Senja di tempatku, di balkon kosku, kembali aku mengenang percakapan kita lelakiku. Rasanya kau ada disampingku. Dulu, saat aku selalu mengajukan pertanyaan itu kau selalu mengalihkan dengan pertanyaan lain. Atau kadang kau memberi jawaban yang tak pernah membuat aku puas sehingga aku akan menanyakannya lagi dan lagi. Ah...rasanya baru kemarin, tapi tak terasa percakapan itu sudah lima bulan yang lalu. Di ritual telfon malam kita. Aku sendiri tidak mengerti kenapa kita bisa sampai disini. Di lima bulan ini.
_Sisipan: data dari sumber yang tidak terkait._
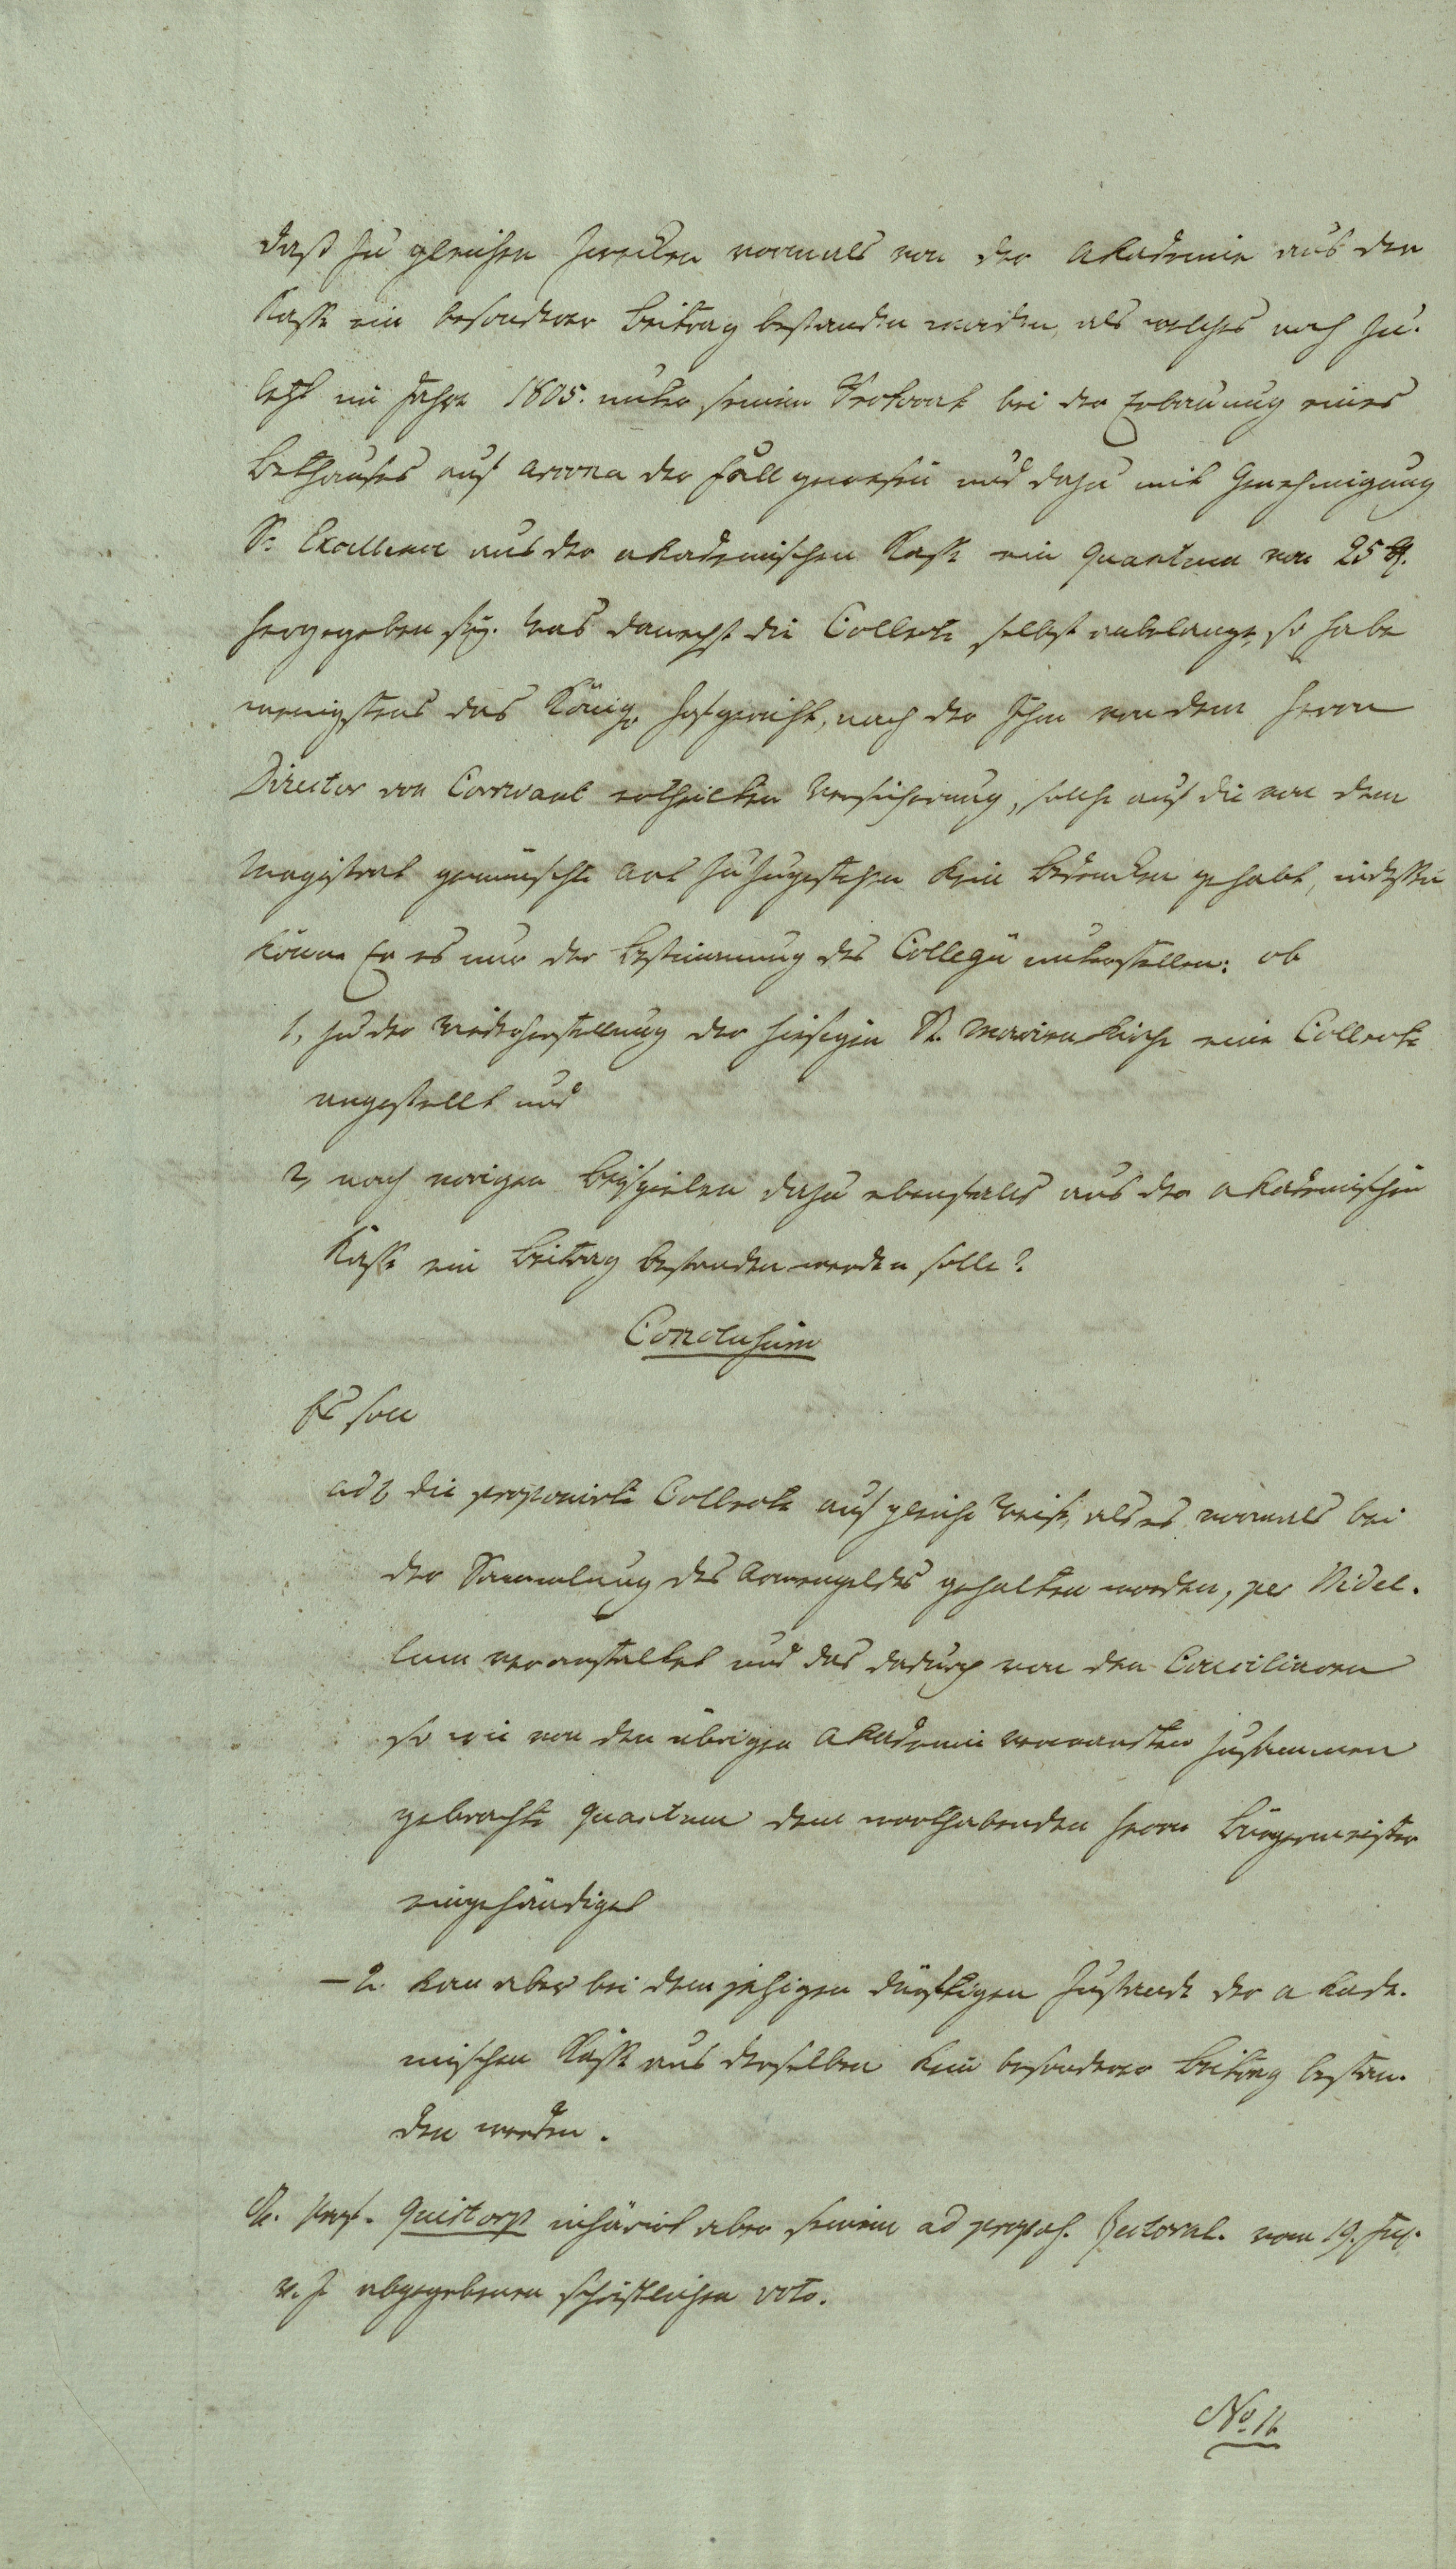daß zu gleichen Zwecken vormals von der Akademie aus der
Kasse ein besonderer Beitrag bestanden worden, als welcher noch zu¬
letzt im Jahre 1805. unter seinem Rectorat bei der Erbauung eines
Bethauses auf Arcona der Fall gewesen und dazu mit Genehmigung
Sr. Excellence aus der akademischen Kasse ein Quantum von 25 Rt.
hergegeben seÿ. Was danechst die Collecte selbst anbelange, so habe
wenigstens das Königl. Hofgericht, nach der Ihm von dem Herrn
Director von Corswant ertheilten Versicherung, solche auf die von dem
Magistrat gewünschte Art zuzugestehen kein Bedencken gehabt, indessen
könne Er es nur der Bestimmung des Collegii unterstellen, ob
1, zu der Wiederherstellung der hiesigen St. Marienkirche eine Collecte
angestellt und
2, nach vorigen Beispielen dazu ebenfalls aus der akademischen
Kasse ein Beitrag bestanden werden solle?
Conclusum
Es soll
ad 1, die proponirte Collecte auf gleiche Weise, als es vormals bei
der Sammlung des Armengeldes gehalten worden, per Nidel¬
lum veranstaltet und das dadurch von den Conciliaren
so wie von den übrigen Akademie verwandten zusammen
gebrachte Quantum dem worthabenden Herrn Bürgermeister
eingehändiget
2, kan aber bei dem jetzigen dürftigen Zustande der akade¬
mischen Kasse aus derselben kein besonderer Beitrag bestan¬
den werden.
M. D. Prof. Quistorp inhärirt aber seinem ad propos. Rectorat. vom 19. Jul.
v. J. abgegebenen schriftlichen voto.
Nº 11.

Yang aku tahu adalah hatiku mungkin selalu memilihmu, begitu juga hatimu.mungkin memilihku, tapi hati bisa bertumbuh dan bertahan dengan pilihan lain. Kadang begitu saja cukup. Aku tak akan lagi bertanya kenapa kau tak bersamaku sekarang, tapi tak akan ada yang tahu mungkin kau bisa bersamaku nanti. 
Jadi lelakiku, akan kunikmati setiap jejak yang kita tinggalkan lima bulan terakhir. Aku tak akan menghapusnya. Seperti katamu, kita tak akan pernah tahu apakah jejak-jejak itu bisa kita nikmati bersama kelak atau tidak.